**TASK**:
Set the data down exactly as it stands, and keep its pictures out.

**RAW DATA**:
▼

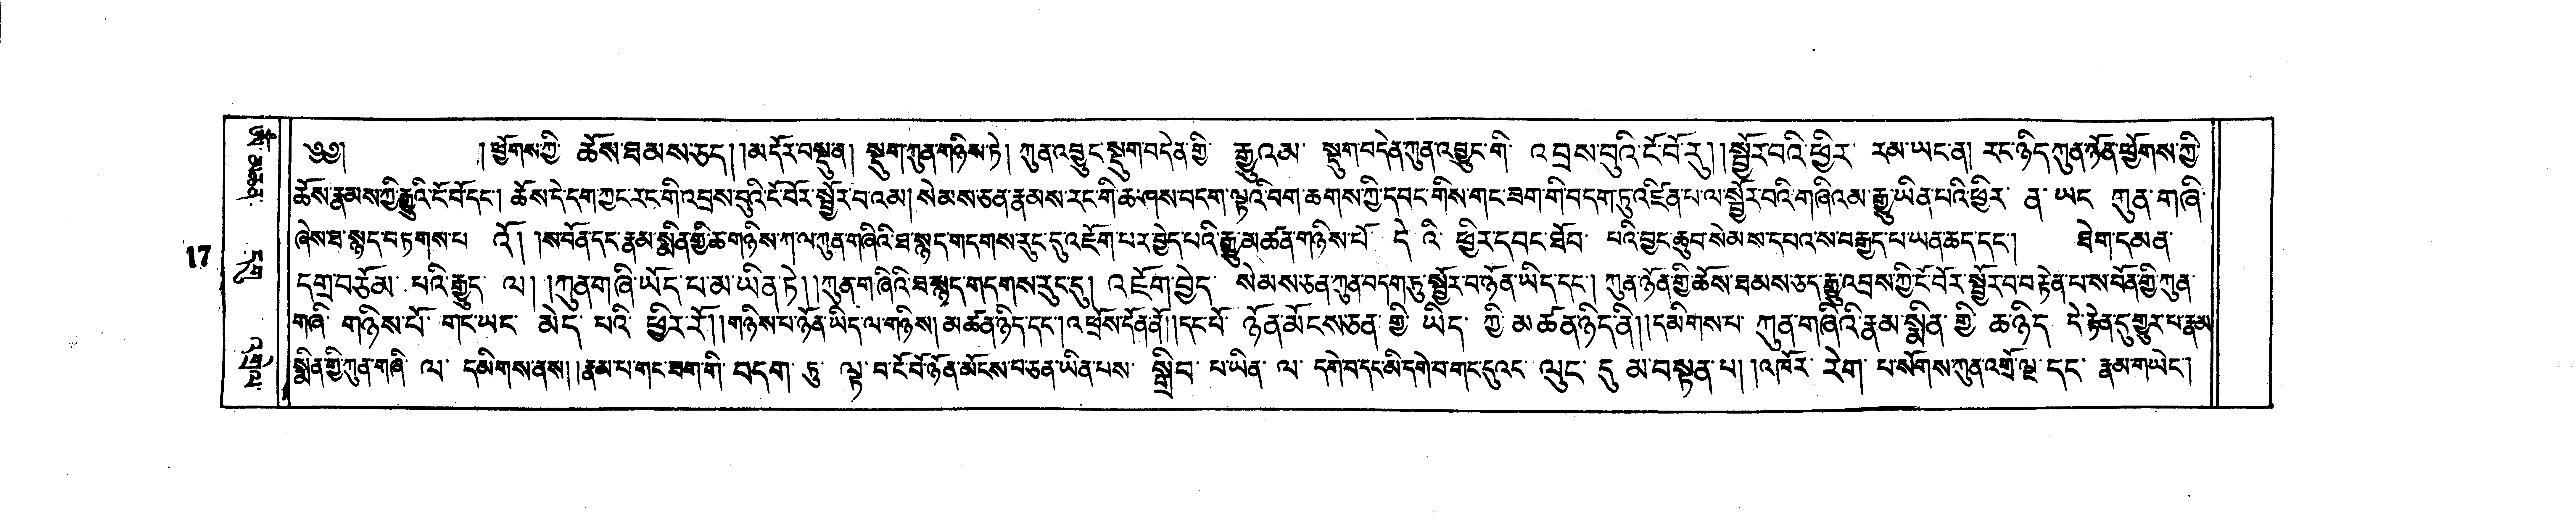༄༅། །ཕྱོགས་ཀྱི་ཆོས་ཐམས་ཅད། །མདོར་བསྡུ་ན། སྡུག་ཀུན་གཉིས་ཏེ། ཀུན་འབྱུང་སྡུག་བདེན་གྱི་རྒྱུ་འམ་སྡུག་བདེན་ཀུན་འབྱུང་གི་འབྲས་བུའི་ངོ་བོ་རུ། །སྦྱོར་བའི་ཕྱིར་རམ་ཡང་ན། རང་ཉིད་ཀུན་ཉོན་ཕྱོགས་ཀྱི་
ཆོས་རྣམས་ཀྱི་རྒྱུའི་ངོ་བོ་དང་། ཆོས་དེ་དག་ཀྱང་རང་གི་འབྲས་བུའི་ངོ་བོར་སྦྱོར་བའམ། སེམས་ཅན་རྣམས་རང་གི་ཆ་ཤས་བདག་ལྟའི་བག་ཆགས་ཀྱི་དབང་གིས་གང་ཟག་གི་བདག་ཏུ་འཛིན་པ་ལ་སྦྱོར་བའི་གཞིའམ་རྒྱུ་ཡིན་པའི་ཕྱིར་ན་ཡང་ཀུན་གཞི་
ཞེས་ཐ་སྙད་བཏགས་པ་འོ། །ས་བོན་དང་རྣམ་སྨིན་གྱི་ཆ་གཉིས་ཀ་ལ་ཀུན་གཞིའི་ཐ་སྙད་གདགས་རུང་དུ་འཇོག་པར་བྱེད་པའི་རྒྱུ་མཚན་གཉིས་པོ་དེའི་ཕྱིར་དབང་ཐོབ་པའི་བྱང་ཆུབ་སེམས་དཔའ་ས་བརྒྱད་པ་ཡན་ཆད་དང་། ཐེག་དམན་
དགྲ་བཅོམ་པའི་རྒྱུད་ལ། །ཀུན་གཞི་ཡོད་པ་མ་ཡིན་ཏེ། །ཀུན་གཞིའི་ཐ་སྙད་གདགས་རུང་དུ། འཇོག་བྱེད་སེམས་ཅན་ཀུན་བདག་ཏུ་སྦྱོར་བ་ཉོན་ཡིད་དང་། ཀུན་ཉོན་གྱི་ཆོས་ཐམས་ཅད་རྒྱུ་འབྲས་ཀྱི་ངོ་བོར་སྦྱོར་བ་བརྟེན་པ་ས་བོན་གྱི་ཀུན་
གཞི་གཉིས་པོ་གང་ཡང་མེད་པའི་ཕྱིར་རོ། །གཉིས་པ་ཉོན་ཡིད་ལ་གཉིས། མཚན་ཉིད་དང་། འཕྲོས་དོན་ནོ། །དང་པོ་ཉོན་མོངས་ཅན་གྱི་ཡིད་ཀྱི་མཚན་ཉིད་ནི། །དམིགས་པ་ཀུན་གཞིའི་རྣམ་སྨིན་གྱི་ཆ་ཉིད་དེ་རྟེན་དུ་གྱུར་པ་རྣམ་
སྨིན་གྱི་ཀུན་གཞི་ལ་དམིགས་ནས། །རྣམ་པ་གང་ཟག་གི་བདག་ཏུ་ལྟ་བ་ངོ་བོ་ཉོན་མོངས་པ་ཅན་ཡིན་པས་སྒྲིབ་པ་ཡིན་ལ་དགེ་བ་དང་མི་དགེ་བ་གང་དུའང་ལུང་དུ་མ་བསྟན་པ། །འཁོར་རེག་པ་སོགས་ཀུན་འགྲོ་ལྔ་དང་རྣམ་གཡེང་།
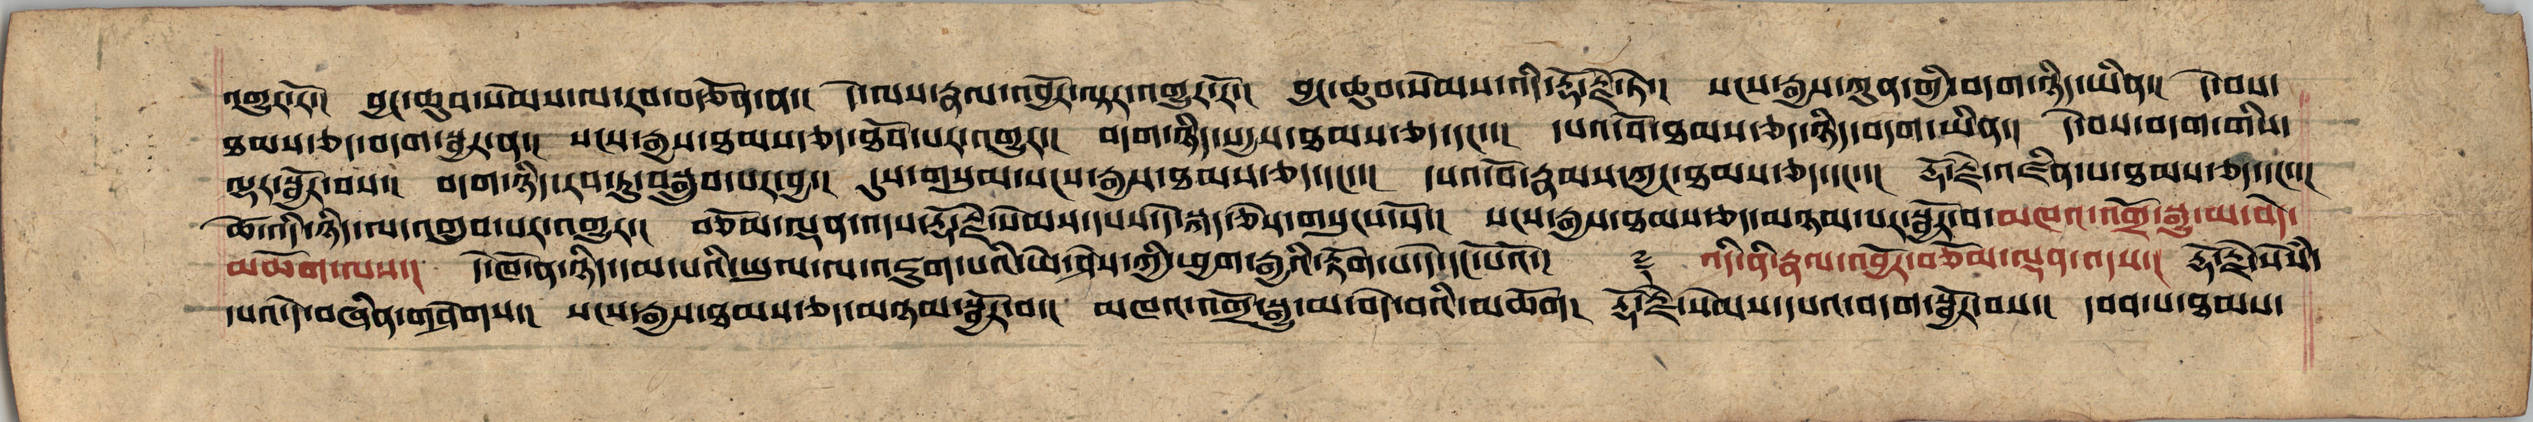འགྱུར་རོ་། བྱང་ཆུབ་སེམས་ལ་རབ་བརྩོན་ན་། དེ་ལས་རྣལ་འབྱོར་ལྟར་འགྱུར་རོ་། བྱང་ཆུབ་སེམས་འདི་རྡོ་རྗེ་ཏེ་། སངས་རྒྱས་ཀུན་གྱི་བདག་ཉིད་ཡིན་། དེ་བས་
ཐམས་ཅད་བདག་སྦྱར་ན་། སངས་རྒྱས་ཐམས་ཅད་ཐོབ་པར་འགྱུར་། བདག་ཉིད་སདྱས་ཐམས་ཅད་དང་་། དཔའ་བོ་ཐམས་ཅད་ཉིད་བདག་ཡིན་། དེ་བས་བདག་གིས་
ལྷར་སྦྱོར་བས་། བདག་ཉིད་རབ་ཏུ་བསྒྲུབ་པར་བྱ་། དུས་གསུམ་སངས་རྒྱས་ཐམས་ཅད་དང་་། དཔའ་བོ་རྣམས་ཀྱང་ཐམས་ཅད་དང་་། རྡོ་རྗེ་འཛིན་པ་ཐམས་ཅད་དང་་།
ཚེ་འདི་ཉིད་ལ་འགྲུབ་པར་འགྱུར་། བཅོམ་ལྡན་འདས་རྡོ་རྗེ་སེམས་དཔས་དེ་སྐད་ཅེས་གསུངས་སོ་། སངས་རྒྱས་ཐམས་ཅད་མཉམ་པར་སྦྱོར་བ་མཁའ་འགྲོ་སྒྱུ་མ་བདེ་
མཆོག་ལས་། དེ་ཁོ་ན་ཉིད་དམ་པའི་ཡུལ་ལ་འཇུག་པའི་ཤེས་ཀྱི་ཕྱག་རྒྱའི་རྟོག་པ་དེ་དང་པོའོ་། ࿑ འདི་ནི་རྣལ་འབྱོར་བཅོམ་ལྡན་འདས་། རྡོ་རྗེ་སེཾས་
དཔའ་དེ་བཞིན་གཤེགས་། སངས་རྒྱས་ཐམས་ཅད་མཉམ་སྦྱོར་བ་། མཁའ་འགྲོ་སྒྱུ་མ་བདེ་བའི་མཆོག། རྡོ་རྗེ་སེམས་དཔའ་བདག་སྦྱོར་བས་། དབབ་པ་ཐམས་

▲

**RESPONSE BOX**:
༄༅། །ཕྱོགས་ཀྱི་ཆོས་ཐམས་ཅད། །མདོར་བསྡུ་ན། སྡུག་ཀུན་གཉིས་ཏེ། ཀུན་འབྱུང་སྡུག་བདེན་གྱི་རྒྱུ་འམ་སྡུག་བདེན་ཀུན་འབྱུང་གི་འབྲས་བུའི་ངོ་བོ་རུ། །སྦྱོར་བའི་ཕྱིར་རམ་ཡང་ན། རང་ཉིད་ཀུན་ཉོན་ཕྱོགས་ཀྱི་
ཆོས་རྣམས་ཀྱི་རྒྱུའི་ངོ་བོ་དང་། ཆོས་དེ་དག་ཀྱང་རང་གི་འབྲས་བུའི་ངོ་བོར་སྦྱོར་བའམ། སེམས་ཅན་རྣམས་རང་གི་ཆ་ཤས་བདག་ལྟའི་བག་ཆགས་ཀྱི་དབང་གིས་གང་ཟག་གི་བདག་ཏུ་འཛིན་པ་ལ་སྦྱོར་བའི་གཞིའམ་རྒྱུ་ཡིན་པའི་ཕྱིར་ན་ཡང་ཀུན་གཞི་
ཞེས་ཐ་སྙད་བཏགས་པ་འོ། །ས་བོན་དང་རྣམ་སྨིན་གྱི་ཆ་གཉིས་ཀ་ལ་ཀུན་གཞིའི་ཐ་སྙད་གདགས་རུང་དུ་འཇོག་པར་བྱེད་པའི་རྒྱུ་མཚན་གཉིས་པོ་དེའི་ཕྱིར་དབང་ཐོབ་པའི་བྱང་ཆུབ་སེམས་དཔའ་ས་བརྒྱད་པ་ཡན་ཆད་དང་། ཐེག་དམན་
དགྲ་བཅོམ་པའི་རྒྱུད་ལ། །ཀུན་གཞི་ཡོད་པ་མ་ཡིན་ཏེ། །ཀུན་གཞིའི་ཐ་སྙད་གདགས་རུང་དུ། འཇོག་བྱེད་སེམས་ཅན་ཀུན་བདག་ཏུ་སྦྱོར་བ་ཉོན་ཡིད་དང་། ཀུན་ཉོན་གྱི་ཆོས་ཐམས་ཅད་རྒྱུ་འབྲས་ཀྱི་ངོ་བོར་སྦྱོར་བ་བརྟེན་པ་ས་བོན་གྱི་ཀུན་
གཞི་གཉིས་པོ་གང་ཡང་མེད་པའི་ཕྱིར་རོ། །གཉིས་པ་ཉོན་ཡིད་ལ་གཉིས། མཚན་ཉིད་དང་། འཕྲོས་དོན་ནོ། །དང་པོ་ཉོན་མོངས་ཅན་གྱི་ཡིད་ཀྱི་མཚན་ཉིད་ནི། །དམིགས་པ་ཀུན་གཞིའི་རྣམ་སྨིན་གྱི་ཆ་ཉིད་དེ་རྟེན་དུ་གྱུར་པ་རྣམ་
སྨིན་གྱི་ཀུན་གཞི་ལ་དམིགས་ནས། །རྣམ་པ་གང་ཟག་གི་བདག་ཏུ་ལྟ་བ་ངོ་བོ་ཉོན་མོངས་པ་ཅན་ཡིན་པས་སྒྲིབ་པ་ཡིན་ལ་དགེ་བ་དང་མི་དགེ་བ་གང་དུའང་ལུང་དུ་མ་བསྟན་པ། །འཁོར་རེག་པ་སོགས་ཀུན་འགྲོ་ལྔ་དང་རྣམ་གཡེང་།
འགྱུར་རོ་། བྱང་ཆུབ་སེམས་ལ་རབ་བརྩོན་ན་། དེ་ལས་རྣལ་འབྱོར་ལྟར་འགྱུར་རོ་། བྱང་ཆུབ་སེམས་འདི་རྡོ་རྗེ་ཏེ་། སངས་རྒྱས་ཀུན་གྱི་བདག་ཉིད་ཡིན་། དེ་བས་
ཐམས་ཅད་བདག་སྦྱར་ན་། སངས་རྒྱས་ཐམས་ཅད་ཐོབ་པར་འགྱུར་། བདག་ཉིད་སདྱས་ཐམས་ཅད་དང་་། དཔའ་བོ་ཐམས་ཅད་ཉིད་བདག་ཡིན་། དེ་བས་བདག་གིས་
ལྷར་སྦྱོར་བས་། བདག་ཉིད་རབ་ཏུ་བསྒྲུབ་པར་བྱ་། དུས་གསུམ་སངས་རྒྱས་ཐམས་ཅད་དང་་། དཔའ་བོ་རྣམས་ཀྱང་ཐམས་ཅད་དང་་། རྡོ་རྗེ་འཛིན་པ་ཐམས་ཅད་དང་་།
ཚེ་འདི་ཉིད་ལ་འགྲུབ་པར་འགྱུར་། བཅོམ་ལྡན་འདས་རྡོ་རྗེ་སེམས་དཔས་དེ་སྐད་ཅེས་གསུངས་སོ་། སངས་རྒྱས་ཐམས་ཅད་མཉམ་པར་སྦྱོར་བ་མཁའ་འགྲོ་སྒྱུ་མ་བདེ་
མཆོག་ལས་། དེ་ཁོ་ན་ཉིད་དམ་པའི་ཡུལ་ལ་འཇུག་པའི་ཤེས་ཀྱི་ཕྱག་རྒྱའི་རྟོག་པ་དེ་དང་པོའོ་། ࿑ འདི་ནི་རྣལ་འབྱོར་བཅོམ་ལྡན་འདས་། རྡོ་རྗེ་སེཾས་
དཔའ་དེ་བཞིན་གཤེགས་། སངས་རྒྱས་ཐམས་ཅད་མཉམ་སྦྱོར་བ་། མཁའ་འགྲོ་སྒྱུ་མ་བདེ་བའི་མཆོག། རྡོ་རྗེ་སེམས་དཔའ་བདག་སྦྱོར་བས་། དབབ་པ་ཐམས་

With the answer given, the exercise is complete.